Source: Deep Learning on Medium
Recently, OpenAI caused quite a stir in the AI community when they withheld releasing the full version of their latest GPT-2 Language Model. They released a stripped down version of that model (117 Million parameters versus 1.5 billion for the original).
We’ve trained a large-scale unsupervised language model which generates coherent paragraphs of text, achieves…openai.com
Debates aside on whether this was the right decision, I found it frustrating that I could not use that model and it would remain in reach of only the few people who have the resources to train such a huge model (the cost is estimated to be around $50K).

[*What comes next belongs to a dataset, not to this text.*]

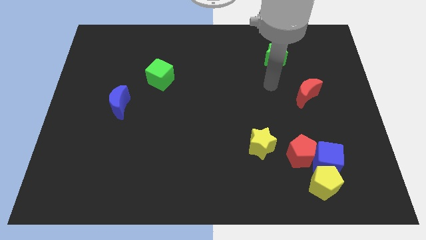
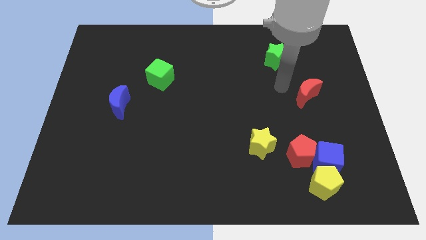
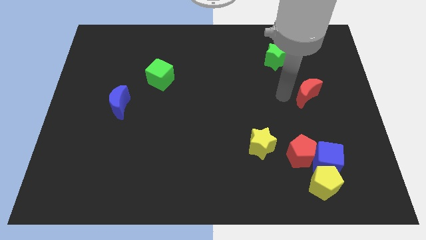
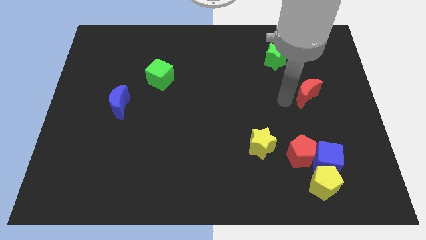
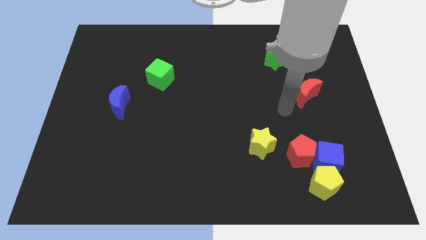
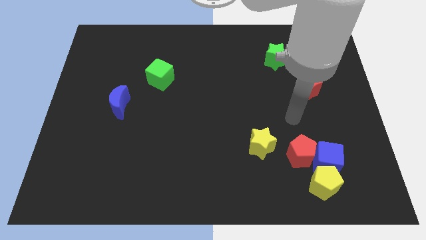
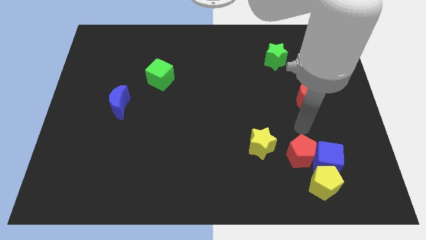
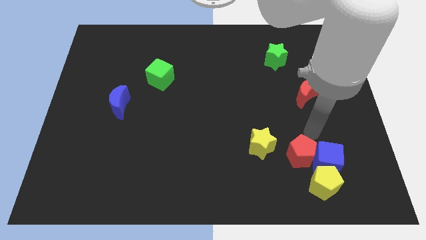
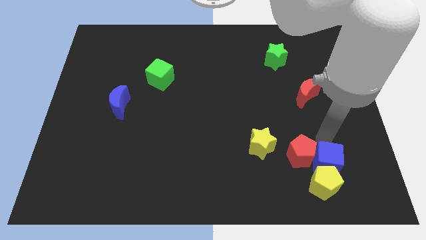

The idea for a ‘kickstarter’ model for training AI models came out of this. I am not sure how viable it is: either if it’s technically possible as well as if there would be demand for something like this) but I find it intriguing.
Hers’s how I envision it would work. There would be a platform created where anyone can start a KickTraining Campaign (similar to a kickstarter campaign). There would be a nice page displaying all the relevant information about the project.
Say — I create a campaign to train the GPT-2 model. I would lay out the objective and model details (training the GPT-2 model) and stake 1 GPU (all I can afford…) and start training the model. Obviously that’s going to take a long time.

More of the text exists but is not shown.